We choose the word $z = 0^{m-i} 1^{n-\ell}$. Then $xz \in L_m \cap L_n$ but $yz \not \in L_m \cap L_n$. To see this, the number of $0$s in $xz$ is $i + m - i = 0 \pmod m$ and the number of $1$s in $xz$ is $j + n - j = 0 \pmod n$. But the number of $0$s in $yz$ is $k + m - i \neq 0 \pmod m$ if $k \neq i$. So $z$ distinguishes $x$ and $y$.

This means that there are at least $mn$ pairwise distinguishable Myhill-Nerode equivalence classes ($i$ can range from 0 to $m-1$ and $j$ can range from 0 to $n-1$).

Since we know that the product construction has at most $mn$ states, together with this result, we've also just shown that there's a DFA for $L_m \cap L_n$ that has exactly $mn$ states.

This leads to the notion of a minimal DFA, in terms of the number of states it has, for a language. So it's clear from this that any minimal DFA will have as many states as there are Myhill-Nerode equivalence classes for its language, but we can actually say something stronger than that: the Myhill-Nerode DFA is the only minimal DFA for its language.

Let $L$ be a regular language. The DFA $A_{\equiv_L}$ is the unique minimal DFA for $L$ up to isomorphism.

Let $A = (Q,\Sigma,\delta,q_0,F)$ be a minimal DFA for $L$. Recall that the equivalence classes of the relation $\sim_A$ correspond to states of $A$. By Lemma 12.1, $\sim_A$ refines $\equiv_L$ and therefore, the index of $\sim_A$ must be at least the index of $\equiv_L$. Since we assumed $A$ was minimal, this means that $A$ has exactly as many states as $A_{\equiv_L}$.

Now, we need to show that there is a correspondence between states of $A$ and states of $A_{\equiv_L}$. Let $q \in Q$. Then $q$ must be reachable from the initial state $q_0$, since otherwise, we can remove it. This means there exists a word $w \in \Sigma^*$ such that $\delta(q_0,w) = q$. Then $q$ corresponds to the equivalence class for $[w]$.

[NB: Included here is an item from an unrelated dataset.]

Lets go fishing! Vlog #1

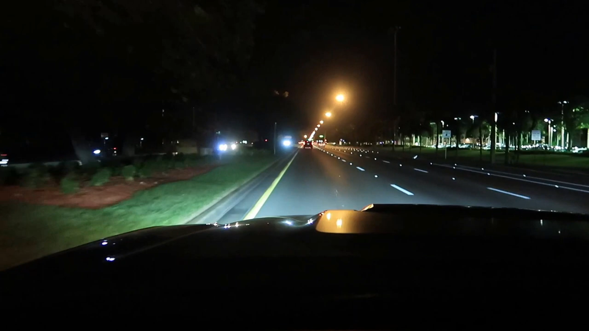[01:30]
lights on it some 6k LED lights and I think it's pretty cool I can see everything much better way better huh yeah in your car I couldn't really see the road but I could see the whole road you see the whole road and it's a better view yeah I think it's a better view and the windows are more bigger the windows

Assuming it's computable, the existence of a minimal DFA and the fact that a regular language has a unique minimal DFA gives us a way to test whether two DFAs or NFAs or regular expressions correspond to the same language: just turn the two objects into a minimal DFA and if they're the same, then they accept the same language.

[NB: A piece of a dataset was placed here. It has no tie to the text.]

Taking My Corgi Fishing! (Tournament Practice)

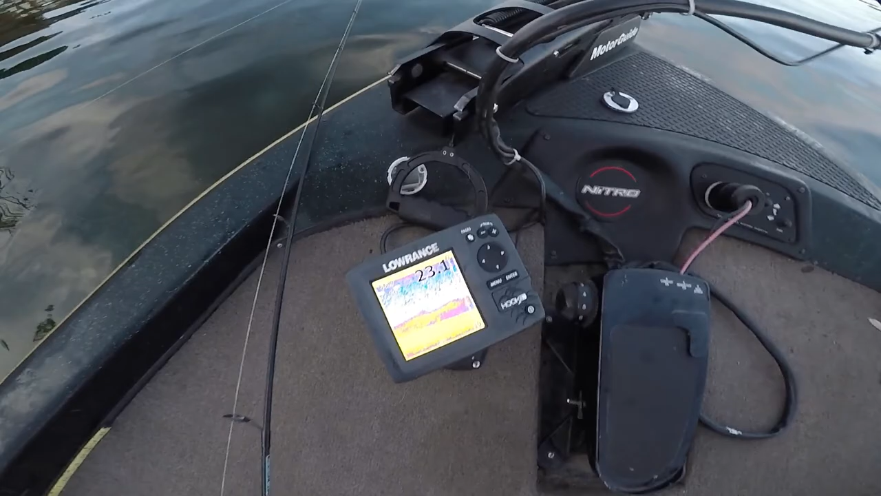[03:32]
I hope it shows up on camera real well. That dark red is all bait here. Bottom's at 23, and there's bait, 3 foot of bait there. But this smallie is down there just chewing on it.

Luckily, the minimal DFA can be computed, and even better is that it is efficiently computable. Kozen gives an algorithm in Section 14 of the textbook which runs in roughly $O(|\Sigma|n^3)$ time for a DFA with $n$ states. The algorithm with the best worst-case time complexity is Hopcroft's partition refinement algorithm (due to Hopcroft in 1971) which has $O(n \log n)$ time complexity.